Monday, February 13, 2012
The Fekete-Kovacs Quintet & The Pannon Philharmonic Orchestra, Conducted by Laszlo Kovacs--Integro/Grandeur on CD
I spent a good part of the '80s exploring 20th Century Music, that nebulous genre of classical music that starts with Schoenberg's Transfigured Night and winds its way through Bartok, Rachmaninoff and Prokofiev until it settles into the minimalist trends of Philip Glass and Steve Reich. Sometimes I wonder where it left off, and when people stopped expecting the arrival of new composers. Someone more educated than me could probably offer a more explicit survey of "21st Century music," if it indeed exists in this context, but more than once I've lamented that movie soundtracks, for better or worse, pretty much make up contemporary classical music. I do realize that this is a distinctly American concern, especially when classical music still thrives in certain parts of the world...such as Hungary, for instance. But is the lack of interest in contemporary classical music contagious?
That's why this 2010 album, a challenging hybrid of jazz and classical genre, is so refreshing and unexpected. It's ambitious as all get out, with a 14-minute beginning section that melds the two disparate musical flows with a sly and extremely dynamic sense of mid-20th century sensibilities--think Leonard Bernstein, perhaps. Through its 66-minute run time Integro/Grandeur is full of unexpected turns, yet these segues are never abrupt or illogical. If that sounds like a stroke of genius, it is.

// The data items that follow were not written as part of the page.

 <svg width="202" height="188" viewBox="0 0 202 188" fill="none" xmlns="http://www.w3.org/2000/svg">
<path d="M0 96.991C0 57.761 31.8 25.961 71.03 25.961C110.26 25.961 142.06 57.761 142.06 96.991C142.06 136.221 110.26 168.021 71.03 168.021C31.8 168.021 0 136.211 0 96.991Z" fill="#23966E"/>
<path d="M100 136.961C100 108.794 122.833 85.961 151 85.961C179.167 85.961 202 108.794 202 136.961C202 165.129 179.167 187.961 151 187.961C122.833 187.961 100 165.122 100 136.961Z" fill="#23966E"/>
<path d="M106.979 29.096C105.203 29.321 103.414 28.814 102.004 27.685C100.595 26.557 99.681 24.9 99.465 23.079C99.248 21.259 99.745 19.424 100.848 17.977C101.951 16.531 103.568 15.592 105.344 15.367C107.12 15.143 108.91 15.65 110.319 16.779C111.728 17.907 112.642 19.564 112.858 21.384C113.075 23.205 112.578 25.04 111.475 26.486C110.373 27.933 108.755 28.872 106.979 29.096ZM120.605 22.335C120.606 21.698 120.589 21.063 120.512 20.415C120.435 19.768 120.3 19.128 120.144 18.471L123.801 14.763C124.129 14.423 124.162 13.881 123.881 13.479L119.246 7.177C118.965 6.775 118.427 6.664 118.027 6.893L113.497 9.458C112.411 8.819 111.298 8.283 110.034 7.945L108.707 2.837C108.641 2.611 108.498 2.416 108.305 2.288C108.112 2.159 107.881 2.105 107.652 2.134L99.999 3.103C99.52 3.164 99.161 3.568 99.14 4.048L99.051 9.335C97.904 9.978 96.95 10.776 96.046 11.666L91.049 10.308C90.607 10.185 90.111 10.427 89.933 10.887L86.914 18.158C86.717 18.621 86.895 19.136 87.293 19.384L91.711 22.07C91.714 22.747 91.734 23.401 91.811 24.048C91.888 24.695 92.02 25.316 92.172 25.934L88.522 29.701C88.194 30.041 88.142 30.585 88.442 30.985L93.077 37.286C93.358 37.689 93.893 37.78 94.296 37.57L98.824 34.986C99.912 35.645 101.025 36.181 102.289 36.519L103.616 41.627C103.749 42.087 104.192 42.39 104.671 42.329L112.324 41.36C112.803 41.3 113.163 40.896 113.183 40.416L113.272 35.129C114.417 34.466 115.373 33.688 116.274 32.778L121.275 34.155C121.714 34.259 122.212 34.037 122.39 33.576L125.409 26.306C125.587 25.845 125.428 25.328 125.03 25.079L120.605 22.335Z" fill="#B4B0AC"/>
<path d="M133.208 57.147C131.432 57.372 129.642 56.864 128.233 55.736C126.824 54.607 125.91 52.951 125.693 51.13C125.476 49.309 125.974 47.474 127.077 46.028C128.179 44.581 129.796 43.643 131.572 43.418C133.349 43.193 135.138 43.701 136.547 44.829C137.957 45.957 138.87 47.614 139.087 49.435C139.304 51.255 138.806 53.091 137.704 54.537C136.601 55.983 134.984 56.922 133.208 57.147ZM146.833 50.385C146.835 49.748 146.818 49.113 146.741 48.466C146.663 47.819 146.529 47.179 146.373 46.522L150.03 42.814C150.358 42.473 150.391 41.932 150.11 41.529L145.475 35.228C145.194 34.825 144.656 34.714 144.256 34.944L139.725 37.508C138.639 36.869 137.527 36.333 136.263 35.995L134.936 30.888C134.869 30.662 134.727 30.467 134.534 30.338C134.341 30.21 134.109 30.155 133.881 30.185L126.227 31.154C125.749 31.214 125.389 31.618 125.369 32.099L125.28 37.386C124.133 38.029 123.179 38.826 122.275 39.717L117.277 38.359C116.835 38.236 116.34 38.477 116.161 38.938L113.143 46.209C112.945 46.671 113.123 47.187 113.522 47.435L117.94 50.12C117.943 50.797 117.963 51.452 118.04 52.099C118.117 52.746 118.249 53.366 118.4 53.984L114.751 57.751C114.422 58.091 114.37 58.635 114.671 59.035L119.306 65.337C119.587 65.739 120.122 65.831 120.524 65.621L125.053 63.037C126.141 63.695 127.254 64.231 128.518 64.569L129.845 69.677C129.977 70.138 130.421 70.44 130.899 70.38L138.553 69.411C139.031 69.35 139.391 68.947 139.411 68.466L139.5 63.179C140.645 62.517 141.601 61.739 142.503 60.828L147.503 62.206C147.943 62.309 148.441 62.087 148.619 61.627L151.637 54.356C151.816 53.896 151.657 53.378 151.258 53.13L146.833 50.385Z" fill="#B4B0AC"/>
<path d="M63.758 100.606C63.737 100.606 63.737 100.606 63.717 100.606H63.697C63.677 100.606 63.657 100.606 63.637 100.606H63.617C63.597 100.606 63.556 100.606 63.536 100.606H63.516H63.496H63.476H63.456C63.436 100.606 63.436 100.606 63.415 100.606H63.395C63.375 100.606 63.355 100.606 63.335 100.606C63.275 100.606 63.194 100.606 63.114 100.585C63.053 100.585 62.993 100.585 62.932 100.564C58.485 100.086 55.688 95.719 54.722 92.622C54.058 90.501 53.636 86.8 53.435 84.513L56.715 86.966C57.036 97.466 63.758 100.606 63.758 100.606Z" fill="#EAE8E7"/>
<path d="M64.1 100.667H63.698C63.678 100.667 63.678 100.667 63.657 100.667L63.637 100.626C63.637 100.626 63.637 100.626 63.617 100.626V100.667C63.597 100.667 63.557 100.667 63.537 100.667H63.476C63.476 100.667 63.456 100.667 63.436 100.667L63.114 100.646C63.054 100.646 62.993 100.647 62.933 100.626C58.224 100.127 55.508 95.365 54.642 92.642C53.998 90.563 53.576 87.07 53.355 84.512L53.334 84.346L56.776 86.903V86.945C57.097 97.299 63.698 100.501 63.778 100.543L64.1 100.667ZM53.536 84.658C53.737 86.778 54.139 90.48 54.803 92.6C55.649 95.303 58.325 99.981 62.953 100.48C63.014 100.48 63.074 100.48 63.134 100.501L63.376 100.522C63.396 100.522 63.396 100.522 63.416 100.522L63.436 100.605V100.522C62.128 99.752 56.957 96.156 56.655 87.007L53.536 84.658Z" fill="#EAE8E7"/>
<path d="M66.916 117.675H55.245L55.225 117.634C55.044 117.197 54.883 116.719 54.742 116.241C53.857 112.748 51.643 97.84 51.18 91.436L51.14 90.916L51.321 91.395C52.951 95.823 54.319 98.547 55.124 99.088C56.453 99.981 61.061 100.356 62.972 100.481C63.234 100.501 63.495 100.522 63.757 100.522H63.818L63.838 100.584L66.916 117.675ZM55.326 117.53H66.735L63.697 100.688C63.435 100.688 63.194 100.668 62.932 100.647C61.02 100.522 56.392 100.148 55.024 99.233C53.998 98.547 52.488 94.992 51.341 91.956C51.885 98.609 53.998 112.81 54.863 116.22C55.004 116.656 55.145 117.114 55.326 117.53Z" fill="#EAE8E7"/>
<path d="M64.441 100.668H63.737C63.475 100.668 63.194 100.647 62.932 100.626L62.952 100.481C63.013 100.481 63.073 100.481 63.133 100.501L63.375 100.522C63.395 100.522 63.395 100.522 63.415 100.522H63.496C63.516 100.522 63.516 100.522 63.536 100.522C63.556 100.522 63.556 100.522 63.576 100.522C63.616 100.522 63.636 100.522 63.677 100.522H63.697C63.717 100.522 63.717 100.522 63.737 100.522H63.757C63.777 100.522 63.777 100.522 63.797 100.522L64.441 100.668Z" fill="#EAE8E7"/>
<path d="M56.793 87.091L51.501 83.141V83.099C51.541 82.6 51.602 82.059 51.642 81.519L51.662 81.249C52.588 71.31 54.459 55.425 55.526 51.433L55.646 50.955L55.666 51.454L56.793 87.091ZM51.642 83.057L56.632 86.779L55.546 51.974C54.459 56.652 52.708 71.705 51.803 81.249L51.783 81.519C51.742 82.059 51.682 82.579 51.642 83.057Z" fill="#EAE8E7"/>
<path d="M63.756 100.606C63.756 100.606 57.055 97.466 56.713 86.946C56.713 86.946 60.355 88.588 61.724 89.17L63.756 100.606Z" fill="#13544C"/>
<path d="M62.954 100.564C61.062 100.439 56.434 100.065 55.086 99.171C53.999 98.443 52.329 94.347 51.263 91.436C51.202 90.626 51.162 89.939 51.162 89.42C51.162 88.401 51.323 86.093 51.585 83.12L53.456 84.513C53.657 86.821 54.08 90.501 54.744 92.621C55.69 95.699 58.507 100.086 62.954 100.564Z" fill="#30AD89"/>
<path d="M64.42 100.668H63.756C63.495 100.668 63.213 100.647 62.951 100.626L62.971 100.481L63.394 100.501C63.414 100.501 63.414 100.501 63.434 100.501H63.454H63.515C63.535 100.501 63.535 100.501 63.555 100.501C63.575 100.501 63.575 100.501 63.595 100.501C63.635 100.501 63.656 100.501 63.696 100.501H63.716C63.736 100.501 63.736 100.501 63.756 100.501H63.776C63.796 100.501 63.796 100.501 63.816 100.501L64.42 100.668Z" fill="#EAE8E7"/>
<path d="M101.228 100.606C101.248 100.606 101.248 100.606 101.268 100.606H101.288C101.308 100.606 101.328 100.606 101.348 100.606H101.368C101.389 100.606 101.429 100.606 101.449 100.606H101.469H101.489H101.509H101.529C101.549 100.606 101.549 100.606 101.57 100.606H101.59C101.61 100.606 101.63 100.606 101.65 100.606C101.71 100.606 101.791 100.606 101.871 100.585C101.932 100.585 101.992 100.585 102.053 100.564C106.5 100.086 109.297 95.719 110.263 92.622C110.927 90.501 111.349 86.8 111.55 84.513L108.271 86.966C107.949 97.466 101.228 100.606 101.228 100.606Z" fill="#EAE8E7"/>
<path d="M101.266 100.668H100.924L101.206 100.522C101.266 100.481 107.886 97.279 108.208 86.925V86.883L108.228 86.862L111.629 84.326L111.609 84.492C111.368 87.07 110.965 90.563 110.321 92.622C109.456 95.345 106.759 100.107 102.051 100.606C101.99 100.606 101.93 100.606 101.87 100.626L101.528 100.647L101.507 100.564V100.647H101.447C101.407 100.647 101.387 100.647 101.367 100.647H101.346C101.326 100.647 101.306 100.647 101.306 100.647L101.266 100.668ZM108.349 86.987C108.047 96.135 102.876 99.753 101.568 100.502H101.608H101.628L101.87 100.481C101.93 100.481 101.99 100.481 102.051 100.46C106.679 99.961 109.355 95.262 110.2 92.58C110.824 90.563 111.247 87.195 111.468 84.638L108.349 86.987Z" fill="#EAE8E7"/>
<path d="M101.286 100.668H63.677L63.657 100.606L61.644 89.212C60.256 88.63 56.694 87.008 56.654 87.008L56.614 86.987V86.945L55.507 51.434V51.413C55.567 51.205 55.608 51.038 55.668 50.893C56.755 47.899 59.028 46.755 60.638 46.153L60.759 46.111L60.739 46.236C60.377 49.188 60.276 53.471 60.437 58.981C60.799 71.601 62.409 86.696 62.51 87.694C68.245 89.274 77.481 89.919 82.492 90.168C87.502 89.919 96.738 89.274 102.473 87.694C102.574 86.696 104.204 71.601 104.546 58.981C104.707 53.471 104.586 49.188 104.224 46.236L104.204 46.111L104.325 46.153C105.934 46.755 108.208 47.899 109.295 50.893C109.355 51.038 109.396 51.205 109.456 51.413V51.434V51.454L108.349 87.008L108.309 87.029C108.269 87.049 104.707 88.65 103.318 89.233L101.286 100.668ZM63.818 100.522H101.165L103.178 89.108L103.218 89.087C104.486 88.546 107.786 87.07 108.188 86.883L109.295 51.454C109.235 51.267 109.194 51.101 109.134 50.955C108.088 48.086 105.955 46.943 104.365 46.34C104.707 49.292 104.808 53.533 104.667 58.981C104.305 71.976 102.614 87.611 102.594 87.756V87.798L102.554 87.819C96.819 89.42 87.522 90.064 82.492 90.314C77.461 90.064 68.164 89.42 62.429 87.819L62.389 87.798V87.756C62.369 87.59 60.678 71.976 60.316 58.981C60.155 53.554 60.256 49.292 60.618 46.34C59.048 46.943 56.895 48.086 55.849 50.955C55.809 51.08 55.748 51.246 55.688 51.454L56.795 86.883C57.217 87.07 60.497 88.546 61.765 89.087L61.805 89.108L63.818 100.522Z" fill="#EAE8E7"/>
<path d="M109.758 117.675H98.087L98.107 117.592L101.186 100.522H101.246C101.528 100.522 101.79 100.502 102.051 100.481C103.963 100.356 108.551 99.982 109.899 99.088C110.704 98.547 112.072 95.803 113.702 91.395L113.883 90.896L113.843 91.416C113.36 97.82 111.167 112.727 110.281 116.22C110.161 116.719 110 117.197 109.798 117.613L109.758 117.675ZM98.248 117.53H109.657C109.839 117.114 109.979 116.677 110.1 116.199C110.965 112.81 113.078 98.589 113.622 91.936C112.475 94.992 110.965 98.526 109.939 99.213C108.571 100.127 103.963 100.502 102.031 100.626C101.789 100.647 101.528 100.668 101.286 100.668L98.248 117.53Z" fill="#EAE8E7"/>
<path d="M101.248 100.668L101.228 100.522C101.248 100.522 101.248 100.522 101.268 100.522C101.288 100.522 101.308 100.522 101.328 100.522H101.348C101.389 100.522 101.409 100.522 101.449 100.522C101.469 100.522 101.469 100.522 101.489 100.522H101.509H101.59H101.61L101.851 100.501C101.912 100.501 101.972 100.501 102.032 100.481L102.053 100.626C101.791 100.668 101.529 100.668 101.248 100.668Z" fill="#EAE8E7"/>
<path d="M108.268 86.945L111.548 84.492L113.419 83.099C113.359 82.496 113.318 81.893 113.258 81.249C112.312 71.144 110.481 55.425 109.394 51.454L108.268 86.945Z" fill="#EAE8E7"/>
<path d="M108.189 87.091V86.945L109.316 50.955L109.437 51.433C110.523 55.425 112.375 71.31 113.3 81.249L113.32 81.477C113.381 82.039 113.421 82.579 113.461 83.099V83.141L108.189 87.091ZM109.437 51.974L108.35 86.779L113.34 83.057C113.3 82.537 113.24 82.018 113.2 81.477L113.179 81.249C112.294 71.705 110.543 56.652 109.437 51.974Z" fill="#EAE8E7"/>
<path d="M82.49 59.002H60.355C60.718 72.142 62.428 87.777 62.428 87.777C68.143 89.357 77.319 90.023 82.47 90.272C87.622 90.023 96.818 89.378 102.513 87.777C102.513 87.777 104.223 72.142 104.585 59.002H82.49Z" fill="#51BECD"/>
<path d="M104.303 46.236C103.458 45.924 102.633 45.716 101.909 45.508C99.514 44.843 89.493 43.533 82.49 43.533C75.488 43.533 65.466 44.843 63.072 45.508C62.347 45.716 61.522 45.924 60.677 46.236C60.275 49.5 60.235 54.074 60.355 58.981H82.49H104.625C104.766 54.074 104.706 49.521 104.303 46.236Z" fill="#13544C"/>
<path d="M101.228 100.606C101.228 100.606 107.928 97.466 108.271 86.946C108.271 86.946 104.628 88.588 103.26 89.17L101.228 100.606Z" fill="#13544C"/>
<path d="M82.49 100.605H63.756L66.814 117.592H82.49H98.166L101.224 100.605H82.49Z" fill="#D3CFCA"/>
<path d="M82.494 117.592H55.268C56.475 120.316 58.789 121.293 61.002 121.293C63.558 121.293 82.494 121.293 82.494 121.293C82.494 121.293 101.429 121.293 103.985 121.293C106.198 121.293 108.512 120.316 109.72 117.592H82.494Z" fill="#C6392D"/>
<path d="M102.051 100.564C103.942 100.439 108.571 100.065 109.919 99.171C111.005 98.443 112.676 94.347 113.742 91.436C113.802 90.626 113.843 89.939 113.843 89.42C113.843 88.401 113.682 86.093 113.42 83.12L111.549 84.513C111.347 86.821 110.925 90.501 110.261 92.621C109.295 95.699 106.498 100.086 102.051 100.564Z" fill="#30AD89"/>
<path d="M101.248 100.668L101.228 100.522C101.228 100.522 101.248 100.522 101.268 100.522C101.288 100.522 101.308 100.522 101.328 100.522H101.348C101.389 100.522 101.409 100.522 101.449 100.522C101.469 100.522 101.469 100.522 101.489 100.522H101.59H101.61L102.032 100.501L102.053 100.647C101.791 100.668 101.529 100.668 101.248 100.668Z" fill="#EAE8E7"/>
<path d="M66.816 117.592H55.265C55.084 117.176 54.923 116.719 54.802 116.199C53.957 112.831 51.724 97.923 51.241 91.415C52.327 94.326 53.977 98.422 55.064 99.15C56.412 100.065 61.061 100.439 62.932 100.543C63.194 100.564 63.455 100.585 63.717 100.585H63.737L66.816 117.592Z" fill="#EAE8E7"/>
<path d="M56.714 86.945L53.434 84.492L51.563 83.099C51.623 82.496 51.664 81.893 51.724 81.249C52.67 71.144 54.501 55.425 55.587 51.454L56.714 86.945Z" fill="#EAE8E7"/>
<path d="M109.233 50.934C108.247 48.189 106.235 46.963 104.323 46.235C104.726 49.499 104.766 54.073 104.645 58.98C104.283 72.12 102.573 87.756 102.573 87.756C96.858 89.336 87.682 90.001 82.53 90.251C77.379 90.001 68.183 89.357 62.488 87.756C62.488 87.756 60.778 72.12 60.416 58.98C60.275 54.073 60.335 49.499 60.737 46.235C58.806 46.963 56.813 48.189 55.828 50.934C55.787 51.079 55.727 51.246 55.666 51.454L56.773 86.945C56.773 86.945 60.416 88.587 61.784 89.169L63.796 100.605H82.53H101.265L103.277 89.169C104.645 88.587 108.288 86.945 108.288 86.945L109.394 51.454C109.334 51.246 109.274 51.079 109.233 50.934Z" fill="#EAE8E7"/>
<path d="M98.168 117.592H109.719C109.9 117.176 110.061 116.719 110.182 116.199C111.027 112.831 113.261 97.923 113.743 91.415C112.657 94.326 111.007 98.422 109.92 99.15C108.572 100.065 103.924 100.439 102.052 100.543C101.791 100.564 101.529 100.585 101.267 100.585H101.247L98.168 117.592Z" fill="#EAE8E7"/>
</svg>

Dan Muzquiz of Blackbird Audio Gallery sent this CD to me, and I suspect he's either throwing out the gauntlet to see how I'll respond, or he's completely knocked out by the fact that someone is still making music like this and he's hoping someone else will be just as enthusiastic. While I have to admit that it took me a couple of weeks to truly wrap my head around this music, I'll subscribe to the latter position. It's an exceptional and exciting recording, and I now believe that classical music has a clear and promising future.
In a nutshell, Integro/Grandeur is a collaboration between a jazz ensemble named the Fekete-Kovacs Quintet and a full orchestra conducted by Laszlo Kovacs. At first I thought, man, I know this Laszlo Kovacs guy...he's the legendary Hungarian cinematographer who did Easy Rider, Paper Moon, Five Easy Pieces and many others. So he's a composer, too? Nope, same name, different Hungarian. This Laszlo Kovacs has built an extraordinary reputation in the classical world for interpreting such composers as Lizst and Bartok. (For the record, there's a Laszlo Kovacs in Hungarian politics, one in professional soccer, and the main character in the classic French film Breathless uses it as an alias.)
But the man behind this fascinating music is composer Kornel Fekete-Kovacs, a trumpet and flugelhorn player who is known for bringing symphonic jazz back into the mainstream almost single-handedly. Where Mr. Fekete-Kovacs pushes the envelope, and creates something unique than can be called 21st Century Music, is in the way he arranges the classical and jazz components so they share equal billing. Throughout this album, it's simply astonishing to feel the music gently move from one side to the other; there are times when the music is so firmly entrenched in one genre that you think it's impossible to shift--and then it happens swiftly and seamlessly. Sometimes it just takes a few notes of a soprano sax, or a lovely piano interlude...and sometimes it requires the full and unbridled force of the entire Pannon Philharmonic Orchestra.
By the way, the sound quality of this CD, released in the US by the BluePort Jazz label, is superb. It's actually far more than that; this is truly a reference CD. Dan spoke briefly with Jim Merod, one of the most talented recording engineers in the world and founder of BluePort Records, about the recording. (In addition, Jim is also a well-known music critic, audio "guru" and a professor of English and American literature who has taught at Cornell, Brown, Brandeis, UCLA and Stanford. He knows his stuff, in other words.) Jim offered plenty of suggestions for the mastering process and even worked on a few last-minute adjustments that didn't quite make it--mostly because "the Hungarian mail system conspired against them."
Nevertheless, this is a truly amazing recording that answers my initial question about so-called 21st Century Music. It's not going to be something new we haven't heard before, it's a seamless blending of what we already know; it's the contexts that are novel. I see these same patterns in other musical genres with mixed results, such as pop music that draws heavily on retro themes and motifs, but here it's an unqualified success. Fekete-Kovacs is quite celebrated in his native Hungary, and rightly so. For those of you who complain about the dearth of "new" classical music, it's time to look eastward and see the future.